Depending on who you ask the market for AI semiconductors is somewhere between a few billion and infinity dollars. We are firmly in the realm of high expectations when it comes to the category, and determining more precise market size estimates is important for the large group of people making investment decisions in the coming year.
Right now, the world is fixated on Nvidia’s dominant position in the market, but it is important to pick that apart a bit. Nvidia is clearly the leader in the market for training chips, but that only makes up about 10%-20% of the demand for AI chips. There is a far larger market for Inference chips, which take trained models and answer user questions. So it is a much bigger market, and no one, not even Nvidia, has a lock on this market.
Next, we have to break the market down even further. Users will need inference done in both the edge and the cloud. Cloud inference will be a function of data center demand. The total market for data center semis today is about $50 billion (not counting memory, which is admittedly a big omission). This inference market is already large but also fairly fragmented. Nvidia admittedly has a large share of this already, probably the largest share as so much AI work is done on GPUs. AMD is targeting this market as well, but they come at it behind a big gap with Nvidia. And this is a place where the hyperscalers are using a lot of their homegrown chips – AWS on inferentia and Google on TPU, to name just two. It is also worth remembering that much of this work is still done on CPU, especially with high-end GPUs in short supply. This corner of the market is going to remain highly competitive for the foreseeable future. Like AMD, this is the market that all the other CPU, GPU and accelerator vendors are going to fight over with a healthy mix of products.
Which brings us to the other big opportunity – Inference at the Edge. Edge is a widely abused term, but for our purposes here we are really referring to any device in the hands of an end-user. Today this largely consists of smartphones and PCs, but is expanding into other areas like cameras, robots, industrial systems and cars. Forecasting the size of this market is not easy. Beyond the widening scope of usage, much of the silicon for these devices is likely to be bundled into some System on a Chip (SoC) that runs all the functions of those devices.
The best example of this is the iPhone which already dedicates considerable chip area to AI cores in its A-Series processor. By some metrics, AI content already occupies 20% of the A-Series chips which is sizable when we consider that the other 80% has to run everything else on the phone. And there are many, many other companies pursuing SoC AI strategies.

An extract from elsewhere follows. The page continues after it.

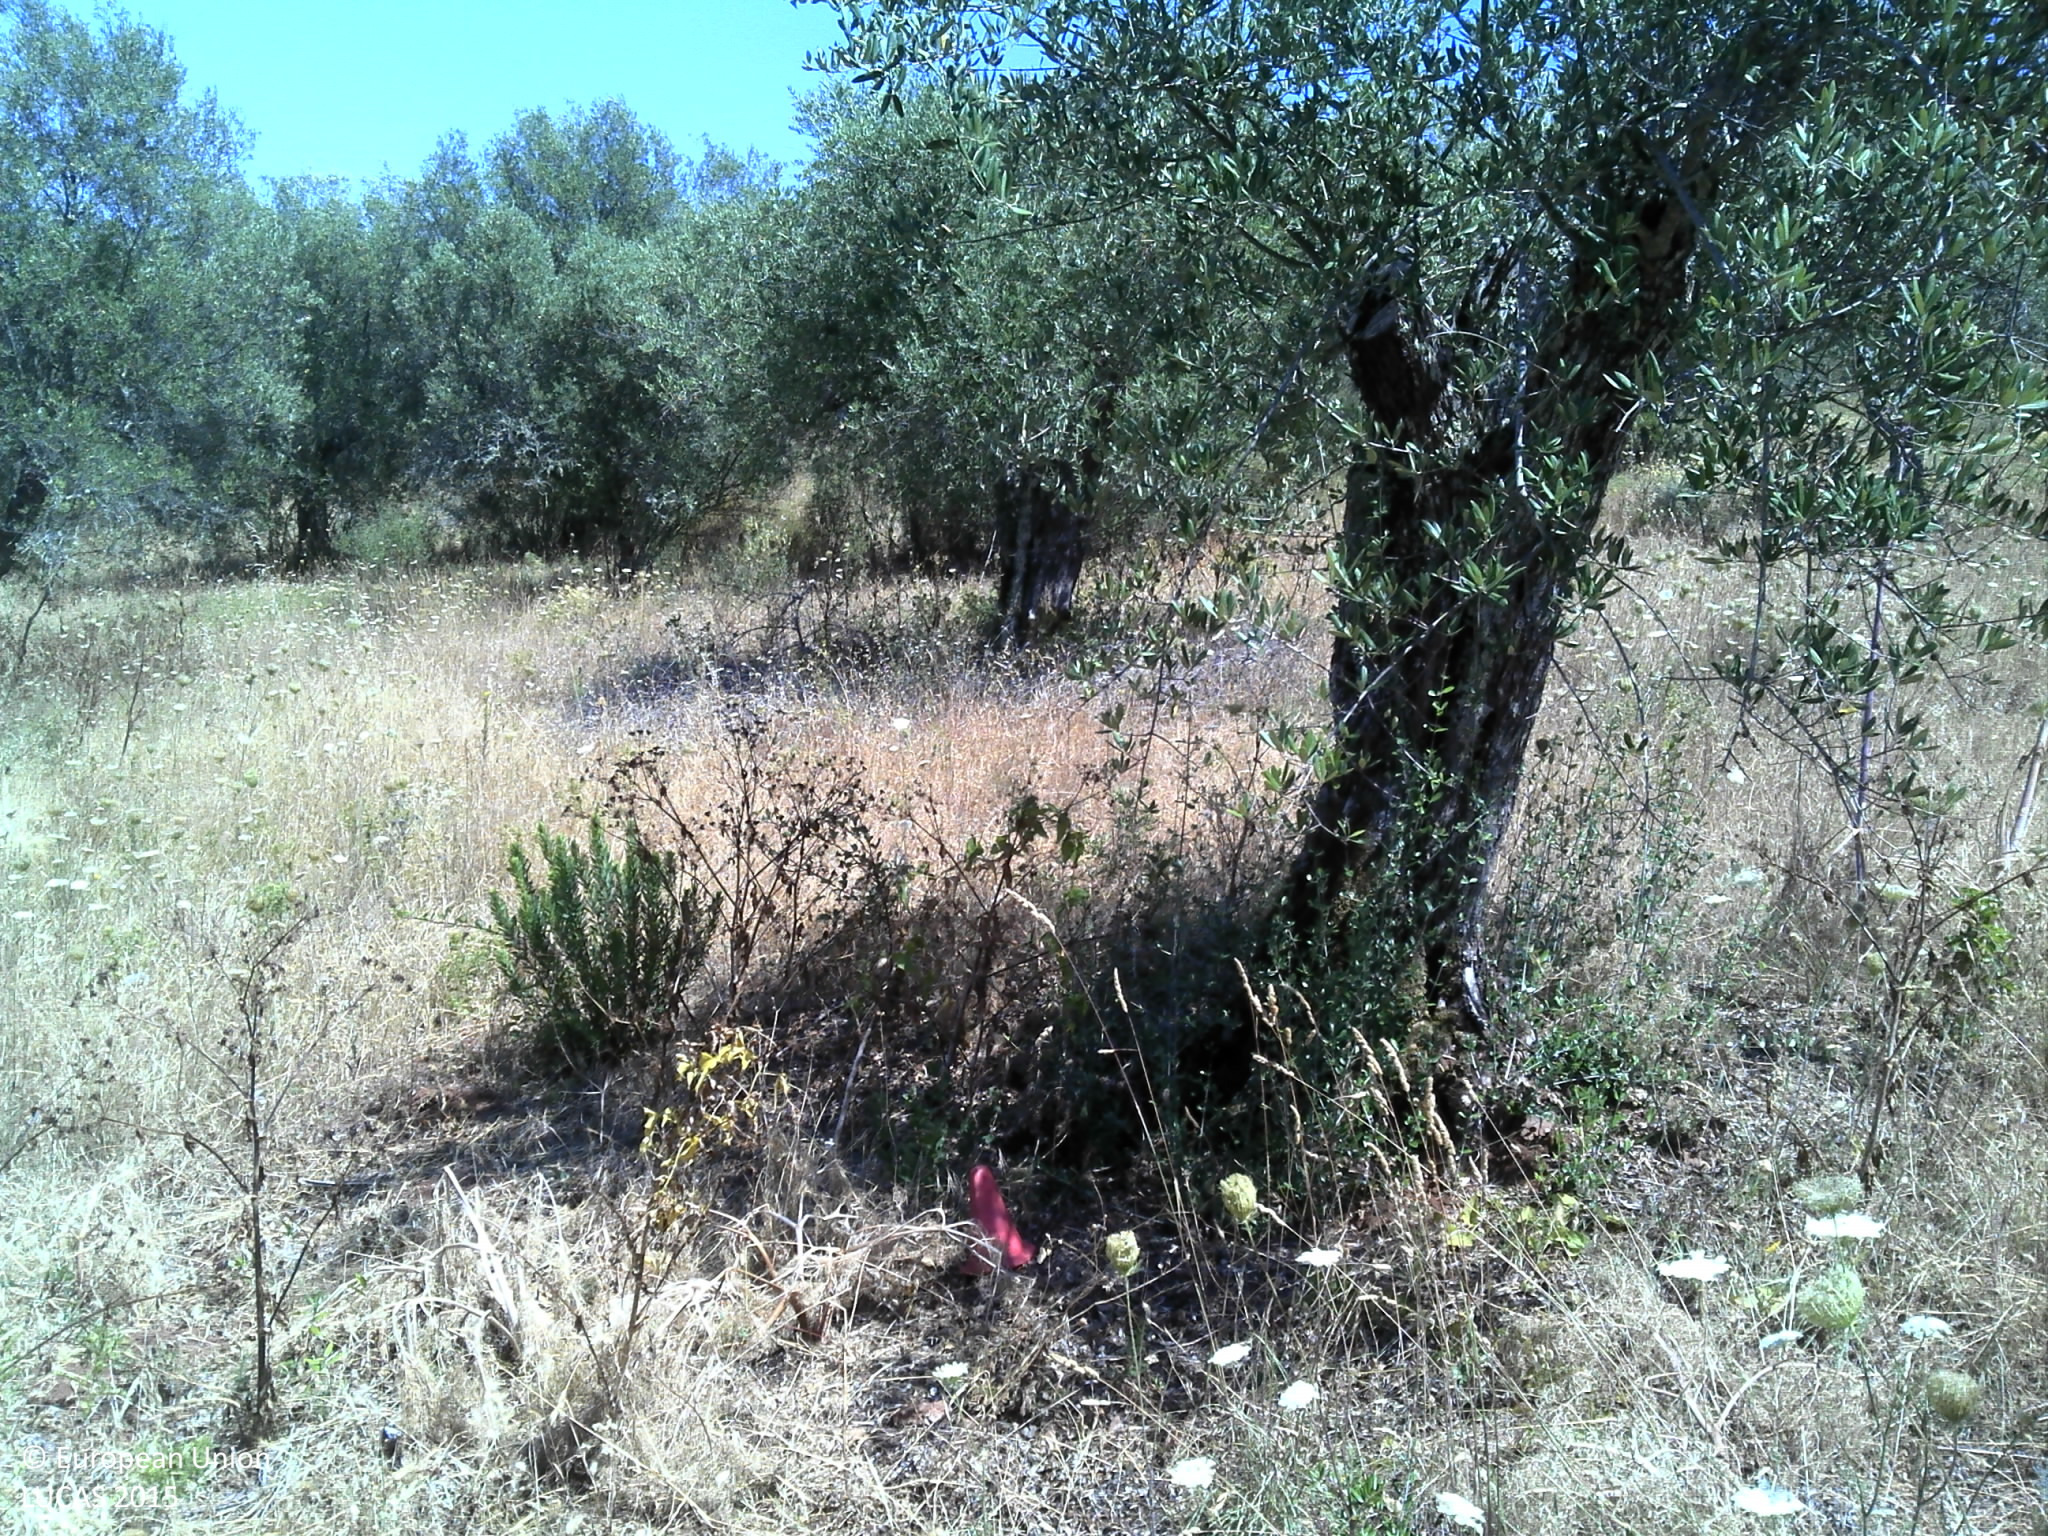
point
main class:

Of course, a major question in the AI-sphere nowadays is how much compute power do we need to run the latest large language models (LLM) like GPT and Stable Diffusion. There is clearly immense interest in getting these models to run on the lightest compute footprint possible, and the open source community has made some major advances in just a short period of time on this front.

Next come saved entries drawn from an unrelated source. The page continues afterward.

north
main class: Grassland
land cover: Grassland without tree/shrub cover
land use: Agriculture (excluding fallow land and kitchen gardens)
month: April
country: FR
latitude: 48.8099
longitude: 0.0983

All of this means that the Edge Inference market is likely to remain highly fragmented. Probably the best way to think of this is to assume that for existing categories, like phones and PCs, the AI silicon will come from the companies that already provide the chips powering those devices, like Qualcomm and Intel/AMD.

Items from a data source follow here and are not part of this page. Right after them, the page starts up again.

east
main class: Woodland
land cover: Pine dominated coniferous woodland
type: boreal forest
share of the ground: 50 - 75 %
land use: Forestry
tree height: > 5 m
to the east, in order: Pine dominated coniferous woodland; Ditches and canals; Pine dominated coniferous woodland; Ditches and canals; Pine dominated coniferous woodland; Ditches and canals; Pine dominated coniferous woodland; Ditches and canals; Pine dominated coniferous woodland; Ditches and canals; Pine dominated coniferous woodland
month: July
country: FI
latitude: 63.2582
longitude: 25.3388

As we said at the outset, finding reliable forecasts for the size of the AI silicon market is very hard to do right now. This is not helped by the fact that no one is exactly clear on how they will actually use LLMs and other models for actual work. Then there is the question of what to count and how to count it. If a hyperscaler buys a few hundred thousand CPUs which will run neural networks as well as more traditional workloads, or someone adds a few dozen square millimeters of AI blocs to their SoC – how do we count those? Right now, our rough rule of thumb is that the market for AI silicon will breakdown to about 15% for training, 45% for data center inference and 40% for edge inference.
This has some important implications for anyone contemplating entering the fray. For the foreseeable future, Nvidia will have a lock on the training market. The data center inference market looks attractive but already boasts a dozen companies vying for some share of that including the giants like Nvidia, AMD and Intel, plus Roll Your Own internal silicon from the customers. Edge inference is also likely to be dominated by existing vendors of traditional silicon, who are all busily investing in supporting transformers and LLMs. What is left for new entrants? There are basically four options from what we can see.
- Supply IP or chiplets to one of the SoC vendors. This has the advantage of having fairly low capital requirements, let your customer write checks to TSMC. There are a lot of customers trying to build SoCs, and while they may want to do everything themselves, many will take the smarter approach of getting help where they need it.
- Build up a big (really big) war chest and go after the data center market. This is challenging for many reasons, not least the number of customers is small, but the rewards are massive.
- Find some new edge device that could benefit from a tailored solution. Forget about phones and laptops, instead look to cameras, robots, industrial systems, etc. This is not easy either. Some of these devices are very cheap and so they cannot support chips with high ASPs. A few years ago, we saw dozens of pitches for companies looking to do low-power AI on cameras and drones. Very few of those survive.
- Finally, there is automotive, the Great Hope of the whole industry. This market is still highly fragmented and somewhat nebulous. There is not a lot time to gain entry here, but there is massive opportunity.
Put simply, the market for AI is largely already spoken for. This does not mean abandon hope all ye who enter, but companies will need to be incredibly focussed and very careful what markets and customers they choose.